SQL Self-Diagnosis

Performance issues may occur when you query data or run the INSERT, DELETE, UPDATE, or CREATE TABLE AS statement. You can query the warning column in the GS_WLM_SESSION_STATISTICS, GS_WLM_SESSION_HISTORY, and GS_WLM_SESSION_INFO views to obtain performance diagnosis information for tuning.

Alarms that can trigger SQL self-diagnosis depend on the settings of resource_track_level. If resource_track_level is set to query or perf, you can diagnose alarms indicating that statistics of multiple columns or a single column are not collected or SQL statements are not pushed down.

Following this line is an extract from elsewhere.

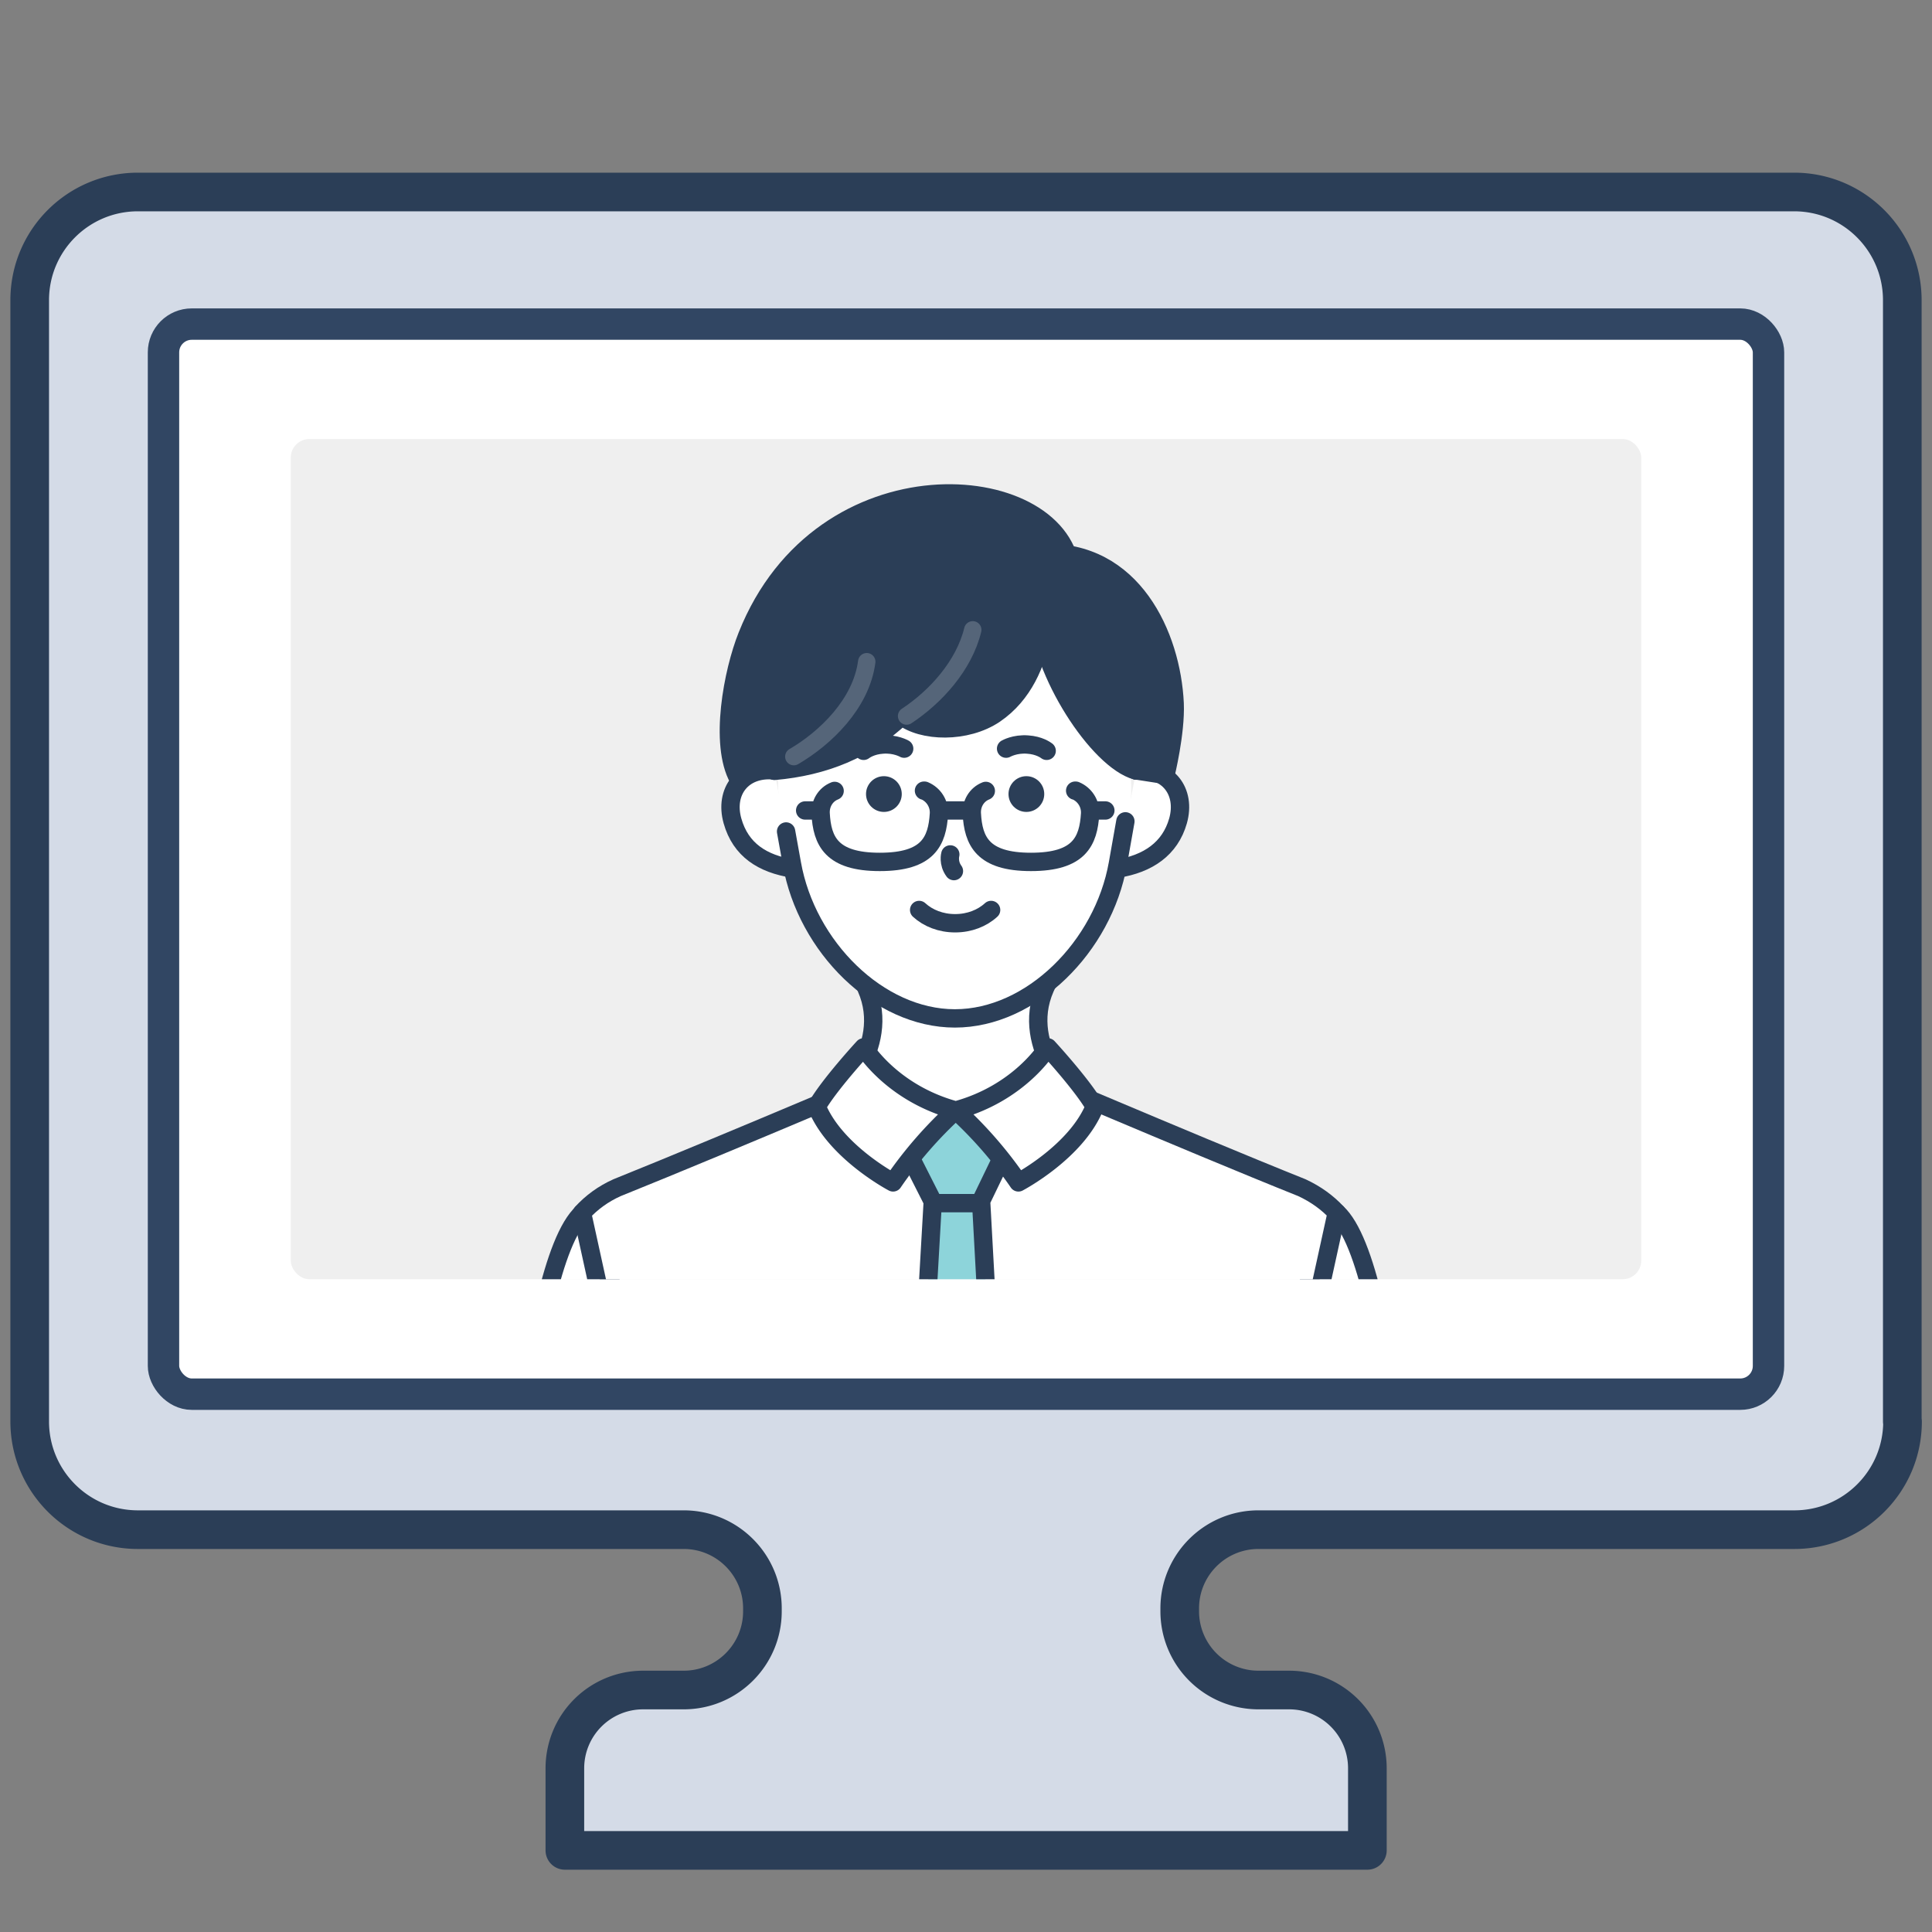 <svg id="_レイヤー_2" xmlns="http://www.w3.org/2000/svg" viewBox="0 0 80 80"><rect x="0" y="0" width="80" height="80" fill="#808080" stroke="none"/><defs><clipPath id="clippath"><rect class="cls-13" x="12.04" y="18.18" width="55.92" height="34.79" rx=".77" ry=".77"/></clipPath><style>.cls-5{fill:none}.cls-10,.cls-5,.cls-7,.cls-8,.cls-9{stroke-linejoin:round;stroke:#2b3e57;stroke-width:.76px}.cls-11,.cls-7,.cls-8{fill:#2b3e57}.cls-5,.cls-8,.cls-9{stroke-linecap:round}.cls-13{fill:#efefef}.cls-10,.cls-14,.cls-9{fill:#fff}</style></defs><g id="_レイヤー_1-2"><path style="fill:none" d="M0 0h80v80H0z"/><path d="M78.77 58.86V12.43c0-2.47-2-4.48-4.48-4.48H5.71c-2.47 0-4.48 2-4.48 4.48v46.43c0 2.47 2 4.48 4.48 4.48h22.6c1.8 0 3.26 1.46 3.26 3.26v.12c0 1.8-1.46 3.26-3.26 3.26h-1.68a3.24 3.24 0 0 0-3.24 3.24v3.4h33.23v-3.4a3.24 3.24 0 0 0-3.24-3.24h-1.27a3.26 3.26 0 0 1-3.26-3.26v-.12c0-1.8 1.46-3.26 3.26-3.26H74.3c2.47 0 4.48-2 4.48-4.48Z" style="fill:#d4dbe7"/><path d="M78.77 58.86V12.43c0-2.47-2-4.48-4.48-4.48H5.71c-2.47 0-4.48 2-4.48 4.48v46.43c0 2.47 2 4.48 4.48 4.48h22.6c1.8 0 3.26 1.46 3.26 3.26v.12c0 1.8-1.46 3.26-3.26 3.26h-1.68a3.24 3.24 0 0 0-3.24 3.24v3.4h33.23v-3.4a3.24 3.24 0 0 0-3.24-3.24h-1.27a3.26 3.26 0 0 1-3.26-3.26v-.12c0-1.8 1.46-3.26 3.26-3.26H74.3c2.47 0 4.48-2 4.48-4.48Z" style="stroke-width:1.6px;stroke:#2b3e57;stroke-linejoin:round;fill:none"/><rect class="cls-14" x="6.77" y="13.42" width="66.46" height="44.31" rx="1.17" ry="1.17"/><rect x="6.77" y="13.42" width="66.46" height="44.31" rx="1.17" ry="1.17" style="stroke-linecap:round;stroke:#314663;stroke-width:1.3px;stroke-linejoin:round;fill:none"/><rect class="cls-13" x="12.04" y="18.18" width="55.92" height="34.79" rx=".77" ry=".77"/><g style="clip-path:url(#clippath)"><path class="cls-10" d="m50.49 62.14 2.26 33.68 6.03.03s.48-12.31.2-20.36c-.28-8.04-1.2-23.04-3.62-25.27l-4.88 11.92Zm-21.5 0-2.26 33.68-6.03.03s-.48-12.31-.2-20.36c.28-8.04 1.2-23.04 3.62-25.27L29 62.14Z"/><path class="cls-9" d="M44.43 45.38s-2.51-2.36-.9-4.95h-7.91c1.61 2.59-.9 4.95-.9 4.95l4.85 1.82 4.85-1.82Z"/><path class="cls-14" d="M32.53 35.55c-.16-.87-.29-1.91-.31-3.09-.02-1.4.12-2.62.31-3.61 1.2-1.28 2.4-2.55 3.6-3.83l4.15-1.38 5.21 4.63c.43.64 1.38 2.28 1.35 4.52a8.081 8.081 0 0 1-.74 3.24l-13.57-.47Z"/><path class="cls-9" d="M47.05 31.9c1.32-.12 2.07.88 1.73 2.09-.33 1.16-1.25 1.78-2.51 1.98M32.06 31.9c-1.32-.12-2.07.88-1.73 2.09s1.25 1.78 2.51 1.98"/><path class="cls-7" d="M43.7 26.64c-.55-2.35-5.87-2.86-8.57-.05-1.62 1.69-2.07 2.92-2.33 4.03-.23.97-.73 1.29-.73 1.29s-.8-.27-1.49.34c-.81-1.45-.23-4.45.36-5.92 3.09-7.77 12.83-6.95 13.4-2.79l-.64 3.1Z"/><path class="cls-7" d="M43.17 22.9c3.73-.15 5.34 3.42 5.47 6.23.05 1.22-.38 2.96-.38 2.96l-1.22-.19s-.03-1.15-.96-3.02-1.67-2.01-2.38-2.24l.57-2.17-1.1-1.57Z"/><path class="cls-10" d="M55.36 50.22c-.39-.42-.87-.77-1.45-1.04-2.35-.94-5.85-2.41-7.77-3.22-.85-.36-1.4-.59-1.4-.59l-5.03 2.79-4.99-2.79s-.55.23-1.4.59c-1.92.81-5.41 2.27-7.77 3.22-.58.26-1.05.61-1.45 1.04l2.34 10.67s-1.32 25.24.27 26.83 24.01 1.72 25.6.14c1.59-1.59.7-26.97.7-26.97l2.34-10.67Z"/><path class="cls-9" d="m32.55 34.43.24 1.33c.61 3.44 3.59 6.41 6.75 6.41s6.14-2.97 6.75-6.41l.31-1.75"/><path class="cls-5" d="M41.66 31s.36-.21.89-.17c.48.03.75.23.79.26m-5.9-.09s-.36-.21-.89-.17c-.48.03-.75.23-.79.26"/><circle class="cls-11" cx="36.6" cy="32.88" r=".74"/><circle class="cls-11" cx="42.5" cy="32.88" r=".74"/><path class="cls-5" d="M39.35 35.38s-.1.35.15.69m-1.44 1.61c.37.34.9.55 1.49.55s1.12-.21 1.49-.55"/><path class="cls-8" d="M44.28 23.51s2.31 2.64 2.66 5.44c.12.94.11 2.96.11 2.96-1.57-.43-3.97-4.08-4.07-6.65l1.3-1.74Z"/><path class="cls-8" d="M43.26 24.27s.34 3.66-2.07 5.3c-1.17.79-3 .76-3.85.08-1.46 1.38-3.22 2.09-5.27 2.27-1.06-4.03.83-6.91 2.99-8.71s7.28-1.68 8.2 1.07Z"/><path d="M40.28 26.08c-.36 1.48-1.53 2.77-2.74 3.57m-1.65-2.25c-.23 1.75-1.72 3.17-3.02 3.93" style="stroke:#556579;stroke-width:.72px;stroke-linecap:round;stroke-linejoin:round;fill:none"/><path class="cls-5" d="M44.52 32.74h.02c.38.16.62.54.6.95-.07 1.15-.45 2-2.45 2s-2.39-.86-2.45-2.01c-.02-.4.2-.78.58-.93h0m-2.56-.01h.02c.38.16.62.54.6.95-.07 1.15-.45 2-2.45 2s-2.39-.86-2.45-2.01c-.02-.4.2-.78.58-.93h0m4.43.81h1.13m5.16 0h.49m-12.43 0h.48"/><path d="M40.63 49.82h-2.01l-2.01 35.1 3.01 3.93 2.93-3.93-1.92-35.1zm1.78-3.79-1.83 3.79h-1.92l-1.92-3.79h5.67z" style="stroke:#2b3e57;stroke-width:.76px;stroke-linejoin:round;fill:#8dd4da"/><path class="cls-9" d="M35.77 43.37s1.14 1.89 3.8 2.61a17.1 17.1 0 0 0-2.59 2.98s-2.4-1.26-3.16-3.14c.51-.9 1.94-2.45 1.94-2.45Zm7.61 0s-1.14 1.89-3.8 2.61a17.1 17.1 0 0 1 2.59 2.98s2.4-1.26 3.16-3.14c-.51-.9-1.94-2.45-1.94-2.45Z"/></g></g></svg>

If resource_track_level is set to operator, all alarm scenarios can be diagnosed.

Whether a SQL plan will be diagnosed depends on the settings of resource_track_cost. A SQL plan will be diagnosed only if its execution cost is greater than resource_track_cost. You can use the EXPLAIN keyword to check the plan execution cost.

Alarms

Currently, the following performance alarms will be reported:

Restrictions

  1. An alarm contains a maximum of 2048 characters. If the length of an alarm exceeds this value (for example, a large number of long table names and column names are displayed in the alarm when their statistics are not collected), a warning instead of an alarm will be reported.
    WARNING, "Planner issue report is truncated, the rest of planner issues will be skipped"
  2. If a query statement contains the Limit operator, alarms of operators lower than Limit will not be reported.
  3. For alarms about data skew and inaccurate estimation, only alarms on the lower-layer nodes in a plan tree will be reported. This is because the same alarms on the upper-level nodes may be triggered by problems on the lower-layer nodes. For example, if data skew occurs on the Scan node, data skew may also occur in operators (for example, Hashagg) at the upper layer.